▶ _Assignment_:
Please set down each entry exactly, omitting any picture it holds.

(Data entries)
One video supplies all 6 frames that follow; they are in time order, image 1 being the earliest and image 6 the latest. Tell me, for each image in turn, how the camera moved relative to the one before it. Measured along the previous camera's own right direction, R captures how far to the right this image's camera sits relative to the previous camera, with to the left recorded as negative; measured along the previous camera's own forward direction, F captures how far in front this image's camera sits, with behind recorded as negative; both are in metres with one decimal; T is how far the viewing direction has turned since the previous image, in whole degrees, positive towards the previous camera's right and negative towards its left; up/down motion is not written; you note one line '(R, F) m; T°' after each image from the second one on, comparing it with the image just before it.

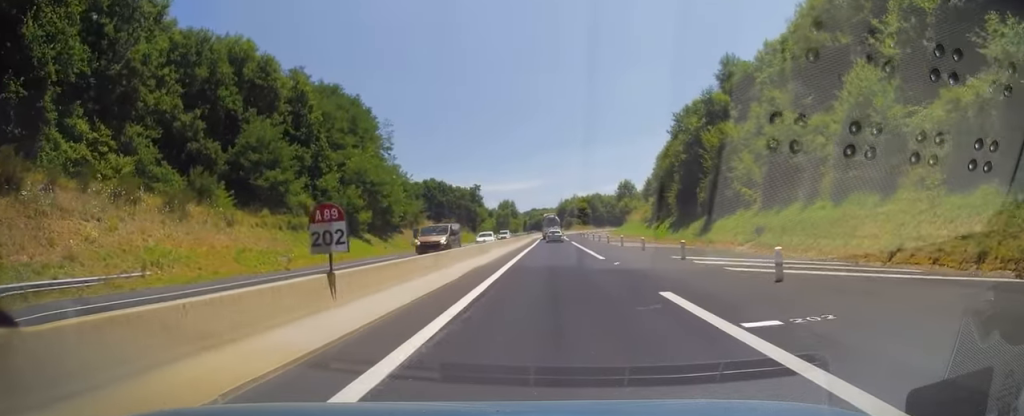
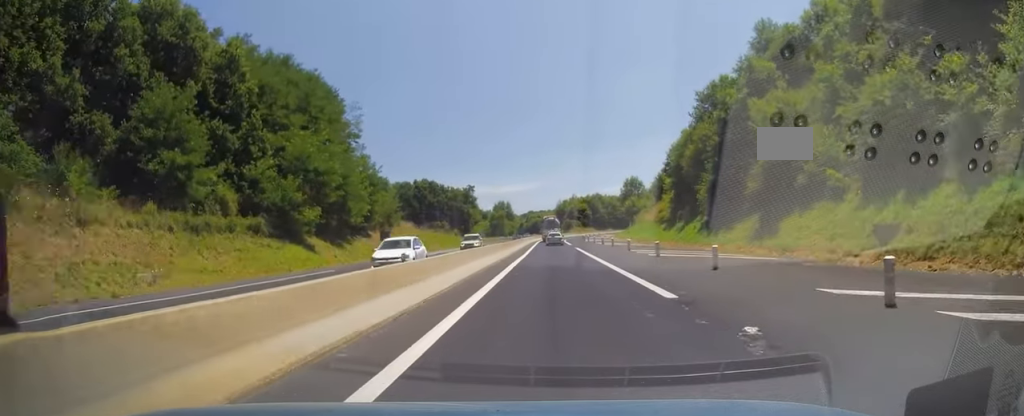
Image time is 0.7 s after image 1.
(0.0, +14.8) m; 0°
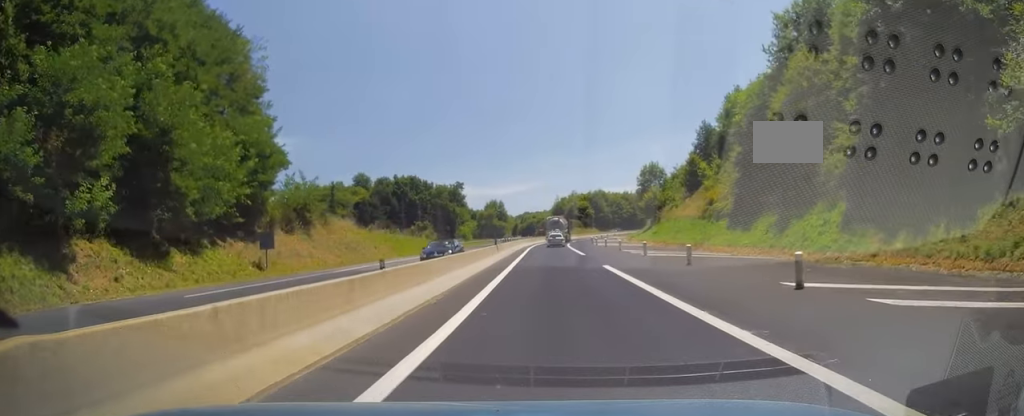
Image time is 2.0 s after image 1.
(+0.3, +27.0) m; +1°
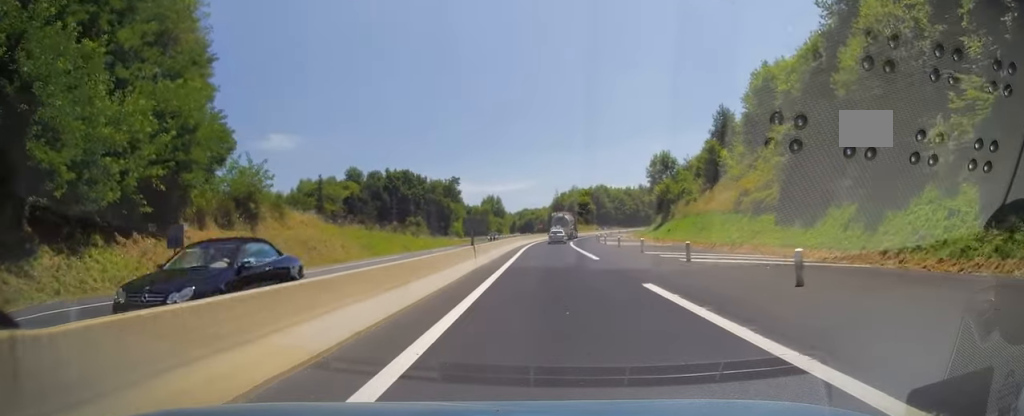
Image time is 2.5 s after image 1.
(0.0, +9.9) m; 0°
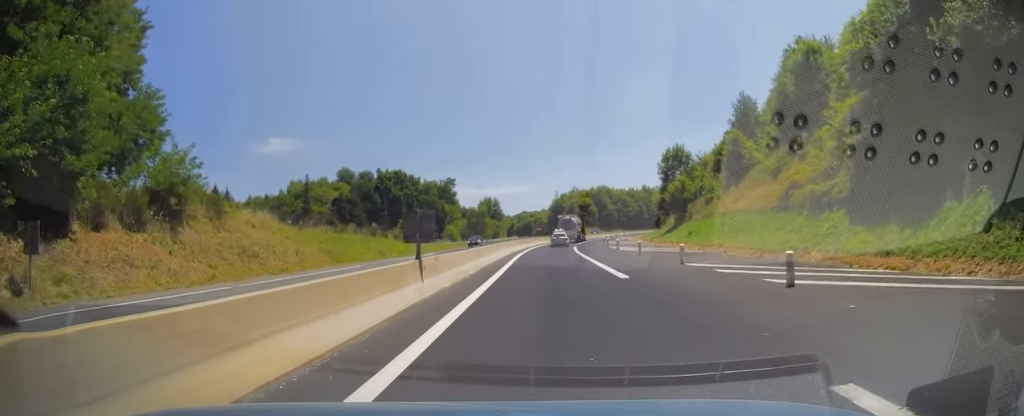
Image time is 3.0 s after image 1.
(0.0, +9.5) m; 0°
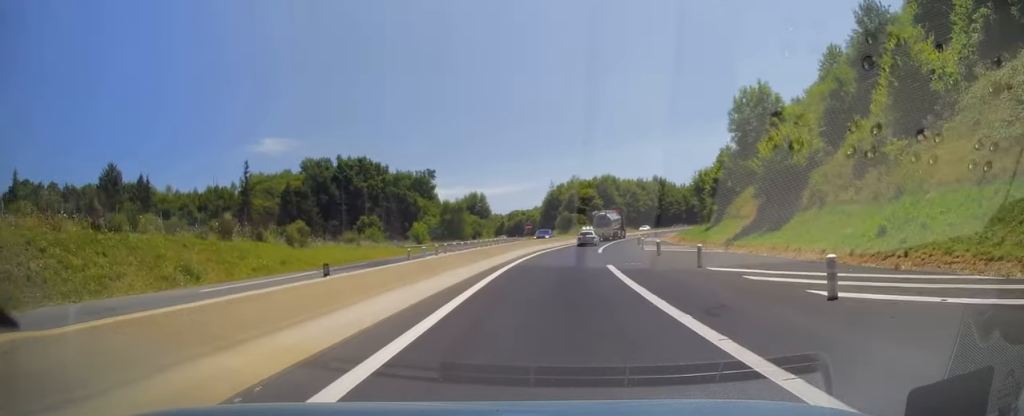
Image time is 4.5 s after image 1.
(+0.1, +32.3) m; 0°

▶ _Answer to this exercise_:
One video supplies all 6 frames that follow; they are in time order, image 1 being the earliest and image 6 the latest. Tell me, for each image in turn, how the camera moved relative to the one before it. Measured along the previous camera's own right direction, R captures how far to the right this image's camera sits relative to the previous camera, with to the left recorded as negative; measured along the previous camera's own forward direction, F captures how far in front this image's camera sits, with behind recorded as negative; both are in metres with one decimal; T is how far the viewing direction has turned since the previous image, in whole degrees, positive towards the previous camera's right and negative towards its left; up/down motion is not written; you note one line '(R, F) m; T°' after each image from the second one on, comparing it with the image just before it.

Image time is 0.7 s after image 1.
(0.0, +14.8) m; 0°
Image time is 2.0 s after image 1.
(+0.3, +27.0) m; +1°
Image time is 2.5 s after image 1.
(0.0, +9.9) m; 0°
Image time is 3.0 s after image 1.
(0.0, +9.5) m; 0°
Image time is 4.5 s after image 1.
(+0.1, +32.3) m; 0°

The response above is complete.